MANILA, Philippines — Clothing retail, food and other commercial businesses that have benefitted from the growing offshore gaming industry in the country are likely to take a hit from the ongoing crackdown on the controversial sector, analysts told The STAR.
This developed as property giants assured their investors that their exposure to the Philippine Offshore Gaming Operations (POGO) industry is limited and would unlikely have a significant impact on them if regulators suddenly decide to shut down offshore gaming operations in the country.
Michael Ricafort, chief economist at Yuchengco-owned Rizal Commercial Banking Corp. said allied industries would be affected. “Other allied industries/businesses/individuals that benefit from POGOs and POGO workers would also be adversely affected in terms of reduced sales, revenues, and net income,” he said.
Thus, Ricafort said this could also result in a slowdown in the economy. “This could also somewhat cause some reduction in the overall economic growth especially if there is an outright or tougher ban on illegal Chinese online gaming activities,” Ricafort said.
He said that the recent crackdown on POGO and other recent developments could slow down the growth of the industry.
“Recent developments on POGOs such as government’s suspension of new applications for POGOs, any further crackdown on illegal Chinese online gaming activities as discussed by the Chinese and Philippine governments, intensified collecting of taxes from POGOs/POGO workers, and the proposed transfer of POGO operations to self-contained hubs, could all somewhat curb the fast growth of POGOs especially over the past two to three years,” he said.
According to Ricafort, it may also temper the relatively faster increase in rental or lease rates and prices of capital values especially if there is a gradual ban on illegal Chinese online gaming activities.
In all, Ricafort said it would reduce the attractiveness of the country as destination for POGO operations and could reduce the influx of more POGO workers that partly pushed higher the prices and lease rates in the local real estate market.
Property consultant David Leechiu also said that related industries could be negatively affected by the possible ban on POGOs.
“Those that will be affected are the convenient stores, restaurants and other stores that have benefitted from the Chinese customers,” Leechiu said.
The landlords or the property giants, he said, have a buffer because they have long-term lease contracts and relatively higher rates for their POGO tenants.
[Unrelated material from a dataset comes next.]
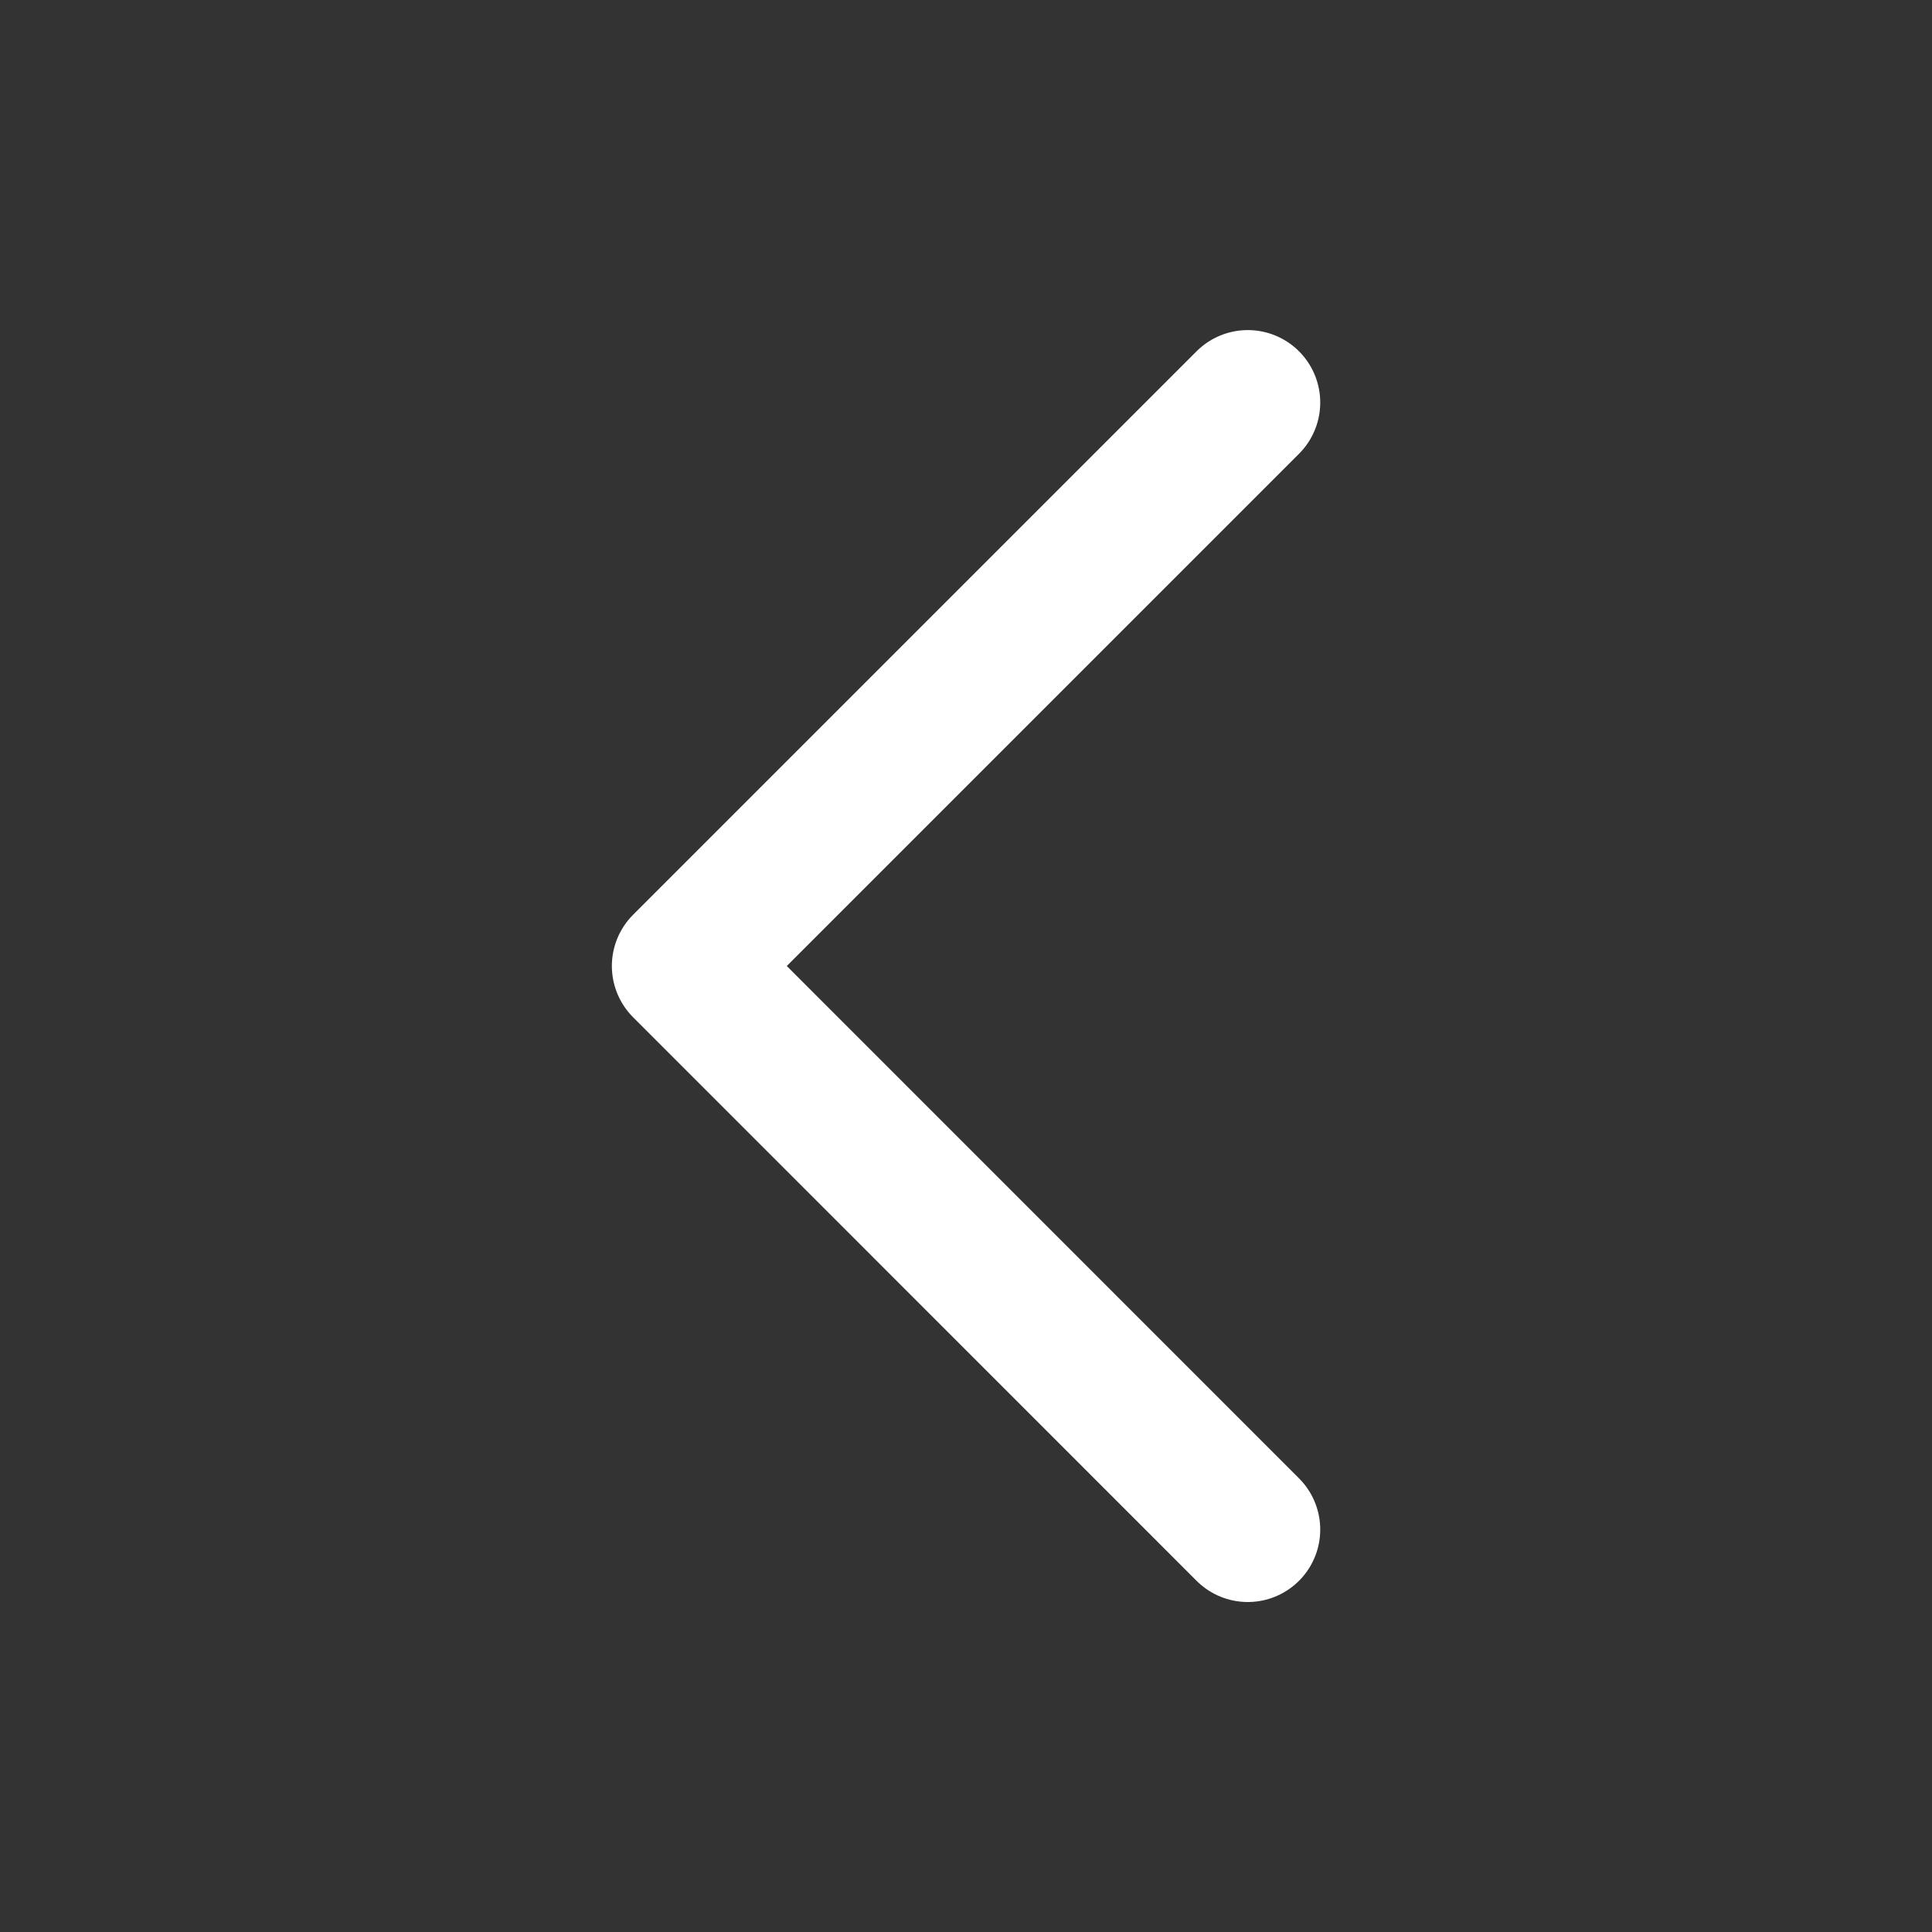 <svg width="20" height="20" viewBox="0 0 20 20" fill="none" xmlns="http://www.w3.org/2000/svg">
<rect x="0" y="0" width="20" height="20" fill="#333333" stroke="none"/>
<path d="M12.917 15.834L7.084 10L12.917 4.167" stroke="white" stroke-width="1.5" stroke-linecap="round" stroke-linejoin="round"/>
</svg>

This means that property companies have at least a year of assured monthly rental payments even if POGOs suddenly have to pack their bags.
Megaworld, the biggest office landlord, said it won’t be affected by the POGO issue.
“While we are the biggest lessor of office spaces in the Philippines, the POGO issue won’t affect both our office and residential businesses because our exposure remains small and manageable,” Megaworld chief strategy officer Kevin Tan told The STAR.
He also said that Megaworld sales take-up in 2018 up to end-June 2019 amounted to P215 billion, of which sales to Chinese nationals would be about 13 percent.
“The impact of POGO on residential revenues will only happen when we already complete the residential projects taken by POGOs. For those sold to POGOs in 2018, we will see the impact next year. We estimate Chinese contribution to residential sales next year to reach four percent only, or P1.5B billion of the total residential revenue forecast of P40 billion,” he said.
The office space leases today will contribute to leasing revenue by the following year. In 2018, about five percent of total rental income came from POGOs which accounted for seven percent of total rental gross leasable area, Megaworld said.
Megaworld shares dropped to P4.80 per share on Friday, down 0.80 percent on POGO-related jitters.
This after China urged the Philippines to ban online gaming.